Początek przygotowań do sezonu 2024/2025 nie rozpoczął się najlepiej dla 33-letniego Jørgena Graabaka. Norweski dwuboista doznał kontuzji, która utrudni mu realizację założonych planów treningowych.

Jørgen Graabak, fot. Stian Lysberg Solum / NTB

Jørgen Graabak kontuzjowany

Trzy tygodnie temu podczas jednego z treningów na nartorolkach, Jørgen Graabak uległ wypadkowi, który okazał się nieprzyjemny w skutkach. Norweg przeszedł badania, które nie przyniosły dobrej nowiny. – ,,Stan jest taki, że mój łokieć jest złamany. Ponadto złamana jest duża kość przedramienia” – wyjawił Graabak dla NTB. Ponadto dwuboista zmaga się z urazem mięśni.
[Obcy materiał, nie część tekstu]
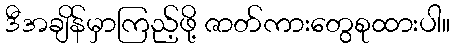
ဒီအချိန်မှာကြည့်ဖို့ ဇာတ်ကားတွေစုထားပါ။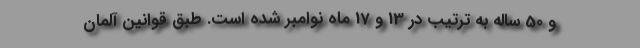
و 50 ساله به ترتیب در 13 و 17 ماه نوامبر شده است. طبق قوانین آلمان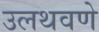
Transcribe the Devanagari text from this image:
उलथवणे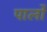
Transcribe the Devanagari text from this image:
पार्लो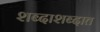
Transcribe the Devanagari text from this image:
शब्दाशब्दात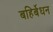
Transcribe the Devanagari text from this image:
बहिर्बेधन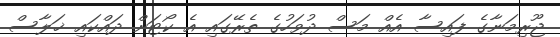
ޖޫރިމަނާގެ ފައިސާ އެއް މަސް ދުވަހުގެ ތެރޭގައި އެ ކޯޓަށް ދައްކައި ޚަލާސް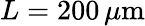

Jørgen Graabak, źródło: Instagram: @joergengraabak

ZOBACZ TEŻ: SKŁADY KADR NORWEGII W KOMBINACJI NORWESKIEJ NA SEZON 2024/2025

,,Minie jeszcze pięć tygodni, zanim złamania się zagoją”

Kontuzja utrudni norweskiemu dwuboiście przygotowywania do nadchodzącego sezonu, w którym odbędą się Mistrzostwa Świata w Narciarstwie Klasycznym 2025 w Trondheim. Graabak wyznaje, że czeka go pięć tygodni powrotu do zdrowia. – ,,Mówi się, że minie jeszcze pięć tygodni, zanim złamania się zagoją. W rezultacie będzie to kwestia trochę długoterminowa, ale będziemy musieli znaleźć na to rozwiązania” – komentuje Norweg. – ,,Oczywiście będziemy zmuszeni do zmiany planów treningowych. Muszę trochę zacząć od nowa. Teraz mam zamiar przeprowadzić pewne spotkania związane z tym, na co mi wolno i co jest możliwe. Muszę próbować inwestować w obszary, w których mogę się aktualnie rozwijać” – dodaje członek kadry A.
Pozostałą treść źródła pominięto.